TASK DETAILS: Copy verbatim the span of lines beginning at the line that contains "Vraag: Door welke" and ending with the final line of the data. Exclude pictures from the copy.

(Stored records)
=-=-=

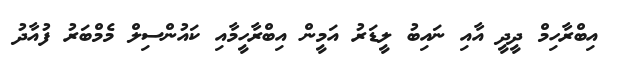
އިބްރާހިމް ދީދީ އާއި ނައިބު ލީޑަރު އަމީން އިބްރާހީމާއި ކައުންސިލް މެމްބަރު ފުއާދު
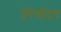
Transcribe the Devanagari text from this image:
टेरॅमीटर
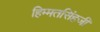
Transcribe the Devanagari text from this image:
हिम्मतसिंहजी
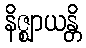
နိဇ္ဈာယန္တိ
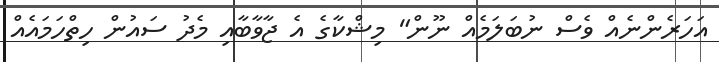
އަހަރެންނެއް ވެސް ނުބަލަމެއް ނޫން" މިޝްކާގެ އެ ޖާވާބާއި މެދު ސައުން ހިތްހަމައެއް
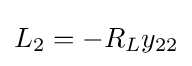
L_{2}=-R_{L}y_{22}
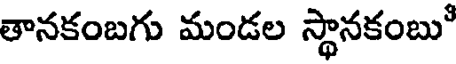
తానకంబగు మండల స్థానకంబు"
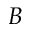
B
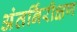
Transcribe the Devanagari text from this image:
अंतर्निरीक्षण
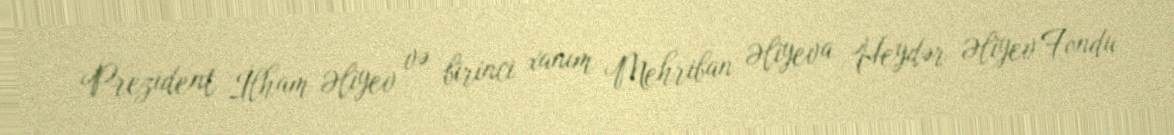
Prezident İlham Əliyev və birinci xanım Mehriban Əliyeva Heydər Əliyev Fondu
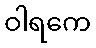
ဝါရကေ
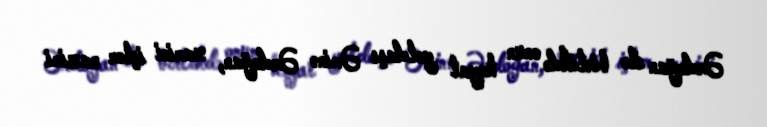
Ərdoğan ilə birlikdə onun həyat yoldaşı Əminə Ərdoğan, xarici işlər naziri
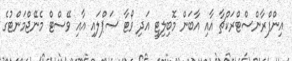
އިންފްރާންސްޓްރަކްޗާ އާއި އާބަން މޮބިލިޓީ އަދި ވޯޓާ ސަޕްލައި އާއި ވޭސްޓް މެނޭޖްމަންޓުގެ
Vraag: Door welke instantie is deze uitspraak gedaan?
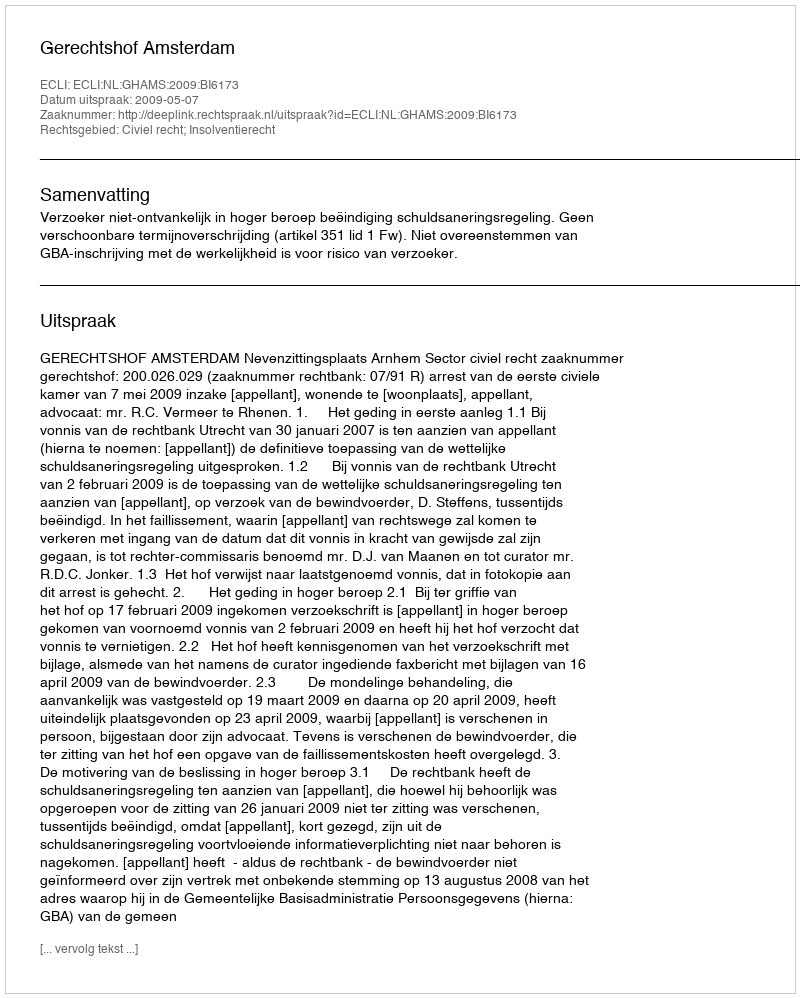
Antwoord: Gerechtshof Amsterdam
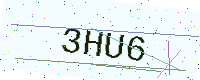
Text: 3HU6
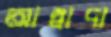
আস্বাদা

=-=-=

SOLUTION TO THIS PROBLEM:
Vraag: Door welke instantie is deze uitspraak gedaan?
Antwoord: Gerechtshof Amsterdam
Text: 3HU6
আস্বাদা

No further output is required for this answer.